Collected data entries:
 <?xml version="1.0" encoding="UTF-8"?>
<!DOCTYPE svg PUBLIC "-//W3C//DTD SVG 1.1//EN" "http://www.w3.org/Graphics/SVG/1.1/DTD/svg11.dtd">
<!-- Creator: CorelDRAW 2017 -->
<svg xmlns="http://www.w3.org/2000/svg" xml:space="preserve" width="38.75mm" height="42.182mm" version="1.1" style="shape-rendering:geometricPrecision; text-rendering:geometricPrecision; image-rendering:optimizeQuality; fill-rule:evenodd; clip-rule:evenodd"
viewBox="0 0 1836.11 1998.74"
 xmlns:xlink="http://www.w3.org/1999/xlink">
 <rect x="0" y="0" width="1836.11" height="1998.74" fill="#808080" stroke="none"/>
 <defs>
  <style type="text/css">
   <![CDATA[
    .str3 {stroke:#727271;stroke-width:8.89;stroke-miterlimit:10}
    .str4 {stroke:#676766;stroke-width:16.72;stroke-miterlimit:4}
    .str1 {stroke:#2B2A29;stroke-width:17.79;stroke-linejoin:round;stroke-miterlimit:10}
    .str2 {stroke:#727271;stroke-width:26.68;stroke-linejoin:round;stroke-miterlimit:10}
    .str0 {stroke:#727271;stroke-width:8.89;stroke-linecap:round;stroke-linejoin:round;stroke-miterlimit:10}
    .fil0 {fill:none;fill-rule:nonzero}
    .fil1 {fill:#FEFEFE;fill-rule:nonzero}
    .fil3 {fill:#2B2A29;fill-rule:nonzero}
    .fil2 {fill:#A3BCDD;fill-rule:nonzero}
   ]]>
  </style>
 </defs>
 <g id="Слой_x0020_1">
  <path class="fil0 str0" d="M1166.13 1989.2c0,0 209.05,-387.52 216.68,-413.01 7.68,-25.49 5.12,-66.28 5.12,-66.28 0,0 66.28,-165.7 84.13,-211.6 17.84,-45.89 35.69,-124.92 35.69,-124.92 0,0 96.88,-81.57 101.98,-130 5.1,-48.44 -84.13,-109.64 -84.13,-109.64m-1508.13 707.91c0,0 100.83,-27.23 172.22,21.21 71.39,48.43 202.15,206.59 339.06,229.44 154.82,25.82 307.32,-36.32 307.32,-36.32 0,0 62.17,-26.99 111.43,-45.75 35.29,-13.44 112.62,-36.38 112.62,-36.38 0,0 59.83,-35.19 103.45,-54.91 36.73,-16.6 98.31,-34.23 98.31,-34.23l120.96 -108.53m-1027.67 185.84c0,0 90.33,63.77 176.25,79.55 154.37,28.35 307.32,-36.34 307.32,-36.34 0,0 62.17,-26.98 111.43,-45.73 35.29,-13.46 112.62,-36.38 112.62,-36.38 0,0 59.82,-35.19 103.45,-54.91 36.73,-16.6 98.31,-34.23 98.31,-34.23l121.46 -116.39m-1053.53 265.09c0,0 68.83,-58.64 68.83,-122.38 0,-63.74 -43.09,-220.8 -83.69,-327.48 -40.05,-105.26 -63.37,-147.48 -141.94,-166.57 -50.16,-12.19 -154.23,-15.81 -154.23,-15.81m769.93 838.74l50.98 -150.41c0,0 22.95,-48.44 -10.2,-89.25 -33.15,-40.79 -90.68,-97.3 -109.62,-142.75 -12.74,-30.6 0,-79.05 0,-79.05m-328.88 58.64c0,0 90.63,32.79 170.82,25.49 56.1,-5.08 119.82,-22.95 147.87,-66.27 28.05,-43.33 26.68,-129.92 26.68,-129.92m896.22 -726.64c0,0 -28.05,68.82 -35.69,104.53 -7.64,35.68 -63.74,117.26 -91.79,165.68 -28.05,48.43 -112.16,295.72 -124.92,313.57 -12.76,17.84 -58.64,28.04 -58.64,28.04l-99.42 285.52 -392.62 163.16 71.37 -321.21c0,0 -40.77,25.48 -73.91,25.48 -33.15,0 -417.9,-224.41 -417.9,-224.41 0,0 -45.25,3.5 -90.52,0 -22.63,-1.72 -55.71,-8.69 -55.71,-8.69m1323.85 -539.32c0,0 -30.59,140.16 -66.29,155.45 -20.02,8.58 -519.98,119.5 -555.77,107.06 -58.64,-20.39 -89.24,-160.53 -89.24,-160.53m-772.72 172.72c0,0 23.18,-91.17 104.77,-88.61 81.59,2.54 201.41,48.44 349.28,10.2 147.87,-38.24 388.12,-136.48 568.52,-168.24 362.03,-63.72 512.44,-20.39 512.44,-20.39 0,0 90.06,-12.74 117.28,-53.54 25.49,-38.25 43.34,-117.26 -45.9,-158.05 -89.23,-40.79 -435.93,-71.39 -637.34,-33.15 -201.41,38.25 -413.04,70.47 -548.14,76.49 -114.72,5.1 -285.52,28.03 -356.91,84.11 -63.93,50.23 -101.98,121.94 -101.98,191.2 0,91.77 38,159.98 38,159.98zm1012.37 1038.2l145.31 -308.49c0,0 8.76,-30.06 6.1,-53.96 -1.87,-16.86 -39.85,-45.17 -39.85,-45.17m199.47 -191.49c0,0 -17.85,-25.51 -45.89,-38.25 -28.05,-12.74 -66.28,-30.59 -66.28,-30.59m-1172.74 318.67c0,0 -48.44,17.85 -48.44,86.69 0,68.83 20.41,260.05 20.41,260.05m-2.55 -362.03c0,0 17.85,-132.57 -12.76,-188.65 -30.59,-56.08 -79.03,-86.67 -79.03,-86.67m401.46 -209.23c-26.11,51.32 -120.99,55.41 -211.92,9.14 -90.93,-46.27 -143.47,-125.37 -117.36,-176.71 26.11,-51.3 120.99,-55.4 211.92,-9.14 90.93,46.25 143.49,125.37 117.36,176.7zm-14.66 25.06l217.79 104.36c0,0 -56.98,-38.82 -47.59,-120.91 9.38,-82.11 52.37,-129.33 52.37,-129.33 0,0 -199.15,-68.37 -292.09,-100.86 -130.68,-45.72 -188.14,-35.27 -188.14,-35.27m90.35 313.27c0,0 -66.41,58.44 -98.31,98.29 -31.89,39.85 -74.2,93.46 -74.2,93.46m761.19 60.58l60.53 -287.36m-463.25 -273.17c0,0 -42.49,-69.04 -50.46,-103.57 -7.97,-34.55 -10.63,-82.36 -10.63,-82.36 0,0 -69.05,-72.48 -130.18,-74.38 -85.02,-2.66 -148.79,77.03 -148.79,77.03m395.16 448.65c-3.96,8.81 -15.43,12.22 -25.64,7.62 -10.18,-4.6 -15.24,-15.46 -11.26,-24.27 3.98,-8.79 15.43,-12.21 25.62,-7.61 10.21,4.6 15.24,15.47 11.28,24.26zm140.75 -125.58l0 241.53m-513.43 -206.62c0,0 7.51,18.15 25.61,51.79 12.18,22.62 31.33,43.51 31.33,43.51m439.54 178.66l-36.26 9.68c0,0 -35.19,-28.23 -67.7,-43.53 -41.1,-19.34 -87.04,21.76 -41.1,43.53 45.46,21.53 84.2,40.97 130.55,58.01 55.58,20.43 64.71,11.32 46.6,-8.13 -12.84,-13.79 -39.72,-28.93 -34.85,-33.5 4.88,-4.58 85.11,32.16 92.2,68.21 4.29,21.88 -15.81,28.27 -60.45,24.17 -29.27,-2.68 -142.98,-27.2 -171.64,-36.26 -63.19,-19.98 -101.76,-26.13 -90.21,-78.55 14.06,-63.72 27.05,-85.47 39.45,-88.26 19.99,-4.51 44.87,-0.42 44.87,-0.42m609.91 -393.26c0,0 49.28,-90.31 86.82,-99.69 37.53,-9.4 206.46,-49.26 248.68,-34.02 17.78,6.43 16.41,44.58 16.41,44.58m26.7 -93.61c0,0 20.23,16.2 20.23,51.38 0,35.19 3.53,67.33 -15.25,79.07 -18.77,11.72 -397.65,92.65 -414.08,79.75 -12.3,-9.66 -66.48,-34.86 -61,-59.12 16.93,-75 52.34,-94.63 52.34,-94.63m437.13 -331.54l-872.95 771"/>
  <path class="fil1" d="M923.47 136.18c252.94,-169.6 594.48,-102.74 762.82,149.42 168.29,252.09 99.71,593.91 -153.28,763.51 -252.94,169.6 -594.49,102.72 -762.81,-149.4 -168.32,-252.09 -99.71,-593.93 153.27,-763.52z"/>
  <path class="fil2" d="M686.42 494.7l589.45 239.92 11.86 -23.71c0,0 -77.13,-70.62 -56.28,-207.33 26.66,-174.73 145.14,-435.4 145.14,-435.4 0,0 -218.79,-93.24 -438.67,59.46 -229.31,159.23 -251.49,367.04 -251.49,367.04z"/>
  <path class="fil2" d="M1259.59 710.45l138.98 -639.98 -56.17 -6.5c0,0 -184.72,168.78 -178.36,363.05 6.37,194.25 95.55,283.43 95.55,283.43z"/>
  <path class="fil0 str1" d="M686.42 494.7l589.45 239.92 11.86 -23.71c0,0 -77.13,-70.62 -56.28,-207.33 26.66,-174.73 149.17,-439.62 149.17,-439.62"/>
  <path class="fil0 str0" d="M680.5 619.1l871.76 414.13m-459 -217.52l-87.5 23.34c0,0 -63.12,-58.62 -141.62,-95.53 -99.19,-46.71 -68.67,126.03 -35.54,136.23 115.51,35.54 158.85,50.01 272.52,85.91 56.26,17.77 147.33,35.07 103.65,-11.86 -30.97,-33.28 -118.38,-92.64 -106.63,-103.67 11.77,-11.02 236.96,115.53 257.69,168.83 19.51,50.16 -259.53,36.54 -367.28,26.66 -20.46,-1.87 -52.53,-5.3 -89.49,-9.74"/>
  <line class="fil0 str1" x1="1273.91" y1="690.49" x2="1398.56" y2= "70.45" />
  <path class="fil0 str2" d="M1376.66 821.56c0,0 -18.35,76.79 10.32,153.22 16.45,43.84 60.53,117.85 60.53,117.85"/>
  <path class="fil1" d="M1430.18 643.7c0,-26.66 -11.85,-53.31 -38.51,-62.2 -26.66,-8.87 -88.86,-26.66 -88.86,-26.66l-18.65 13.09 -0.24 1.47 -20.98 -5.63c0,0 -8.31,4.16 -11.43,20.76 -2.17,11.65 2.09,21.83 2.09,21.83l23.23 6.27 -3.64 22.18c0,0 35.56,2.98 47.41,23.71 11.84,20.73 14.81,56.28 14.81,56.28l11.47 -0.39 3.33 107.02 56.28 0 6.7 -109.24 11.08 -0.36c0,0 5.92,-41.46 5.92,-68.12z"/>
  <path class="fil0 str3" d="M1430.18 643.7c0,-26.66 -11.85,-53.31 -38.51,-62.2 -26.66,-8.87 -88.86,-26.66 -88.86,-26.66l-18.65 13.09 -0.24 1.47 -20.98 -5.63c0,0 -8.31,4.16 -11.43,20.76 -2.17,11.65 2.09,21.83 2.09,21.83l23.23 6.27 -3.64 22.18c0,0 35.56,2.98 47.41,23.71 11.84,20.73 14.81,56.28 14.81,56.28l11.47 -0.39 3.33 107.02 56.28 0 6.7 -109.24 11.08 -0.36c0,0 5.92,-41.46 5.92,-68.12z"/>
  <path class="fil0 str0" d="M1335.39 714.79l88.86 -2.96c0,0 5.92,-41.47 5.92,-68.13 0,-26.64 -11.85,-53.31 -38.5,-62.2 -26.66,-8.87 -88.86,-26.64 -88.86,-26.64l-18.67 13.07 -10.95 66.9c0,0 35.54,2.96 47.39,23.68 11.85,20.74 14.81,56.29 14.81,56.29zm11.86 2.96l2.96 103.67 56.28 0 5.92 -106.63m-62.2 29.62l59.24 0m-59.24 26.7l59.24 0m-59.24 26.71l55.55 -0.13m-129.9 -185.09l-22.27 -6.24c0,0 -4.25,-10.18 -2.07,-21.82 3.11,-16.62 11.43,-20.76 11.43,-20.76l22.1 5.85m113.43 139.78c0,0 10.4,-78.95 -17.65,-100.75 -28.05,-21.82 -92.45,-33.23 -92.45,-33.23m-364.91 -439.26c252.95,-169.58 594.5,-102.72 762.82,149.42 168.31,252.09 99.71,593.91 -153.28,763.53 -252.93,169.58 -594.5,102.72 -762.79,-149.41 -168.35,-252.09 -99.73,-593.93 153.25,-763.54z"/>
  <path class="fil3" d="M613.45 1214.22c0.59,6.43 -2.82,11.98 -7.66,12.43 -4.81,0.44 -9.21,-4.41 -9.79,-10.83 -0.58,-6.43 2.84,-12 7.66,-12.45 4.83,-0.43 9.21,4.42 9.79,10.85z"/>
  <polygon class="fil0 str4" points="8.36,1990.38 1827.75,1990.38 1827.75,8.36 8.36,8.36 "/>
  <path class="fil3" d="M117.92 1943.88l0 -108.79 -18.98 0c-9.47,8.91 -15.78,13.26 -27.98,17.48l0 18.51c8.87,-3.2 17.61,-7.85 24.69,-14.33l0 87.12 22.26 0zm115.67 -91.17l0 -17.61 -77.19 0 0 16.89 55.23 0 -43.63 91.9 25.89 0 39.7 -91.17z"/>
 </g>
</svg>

▶ [Your task]
Extract, please, the lines from the start of the entries above through the one with "<!-- Creator: CorelDRAW 2017 -->", both included, reproducing each exactly and adding nothing.

▶ [Answer space]
 <?xml version="1.0" encoding="UTF-8"?>
<!DOCTYPE svg PUBLIC "-//W3C//DTD SVG 1.1//EN" "http://www.w3.org/Graphics/SVG/1.1/DTD/svg11.dtd">
<!-- Creator: CorelDRAW 2017 -->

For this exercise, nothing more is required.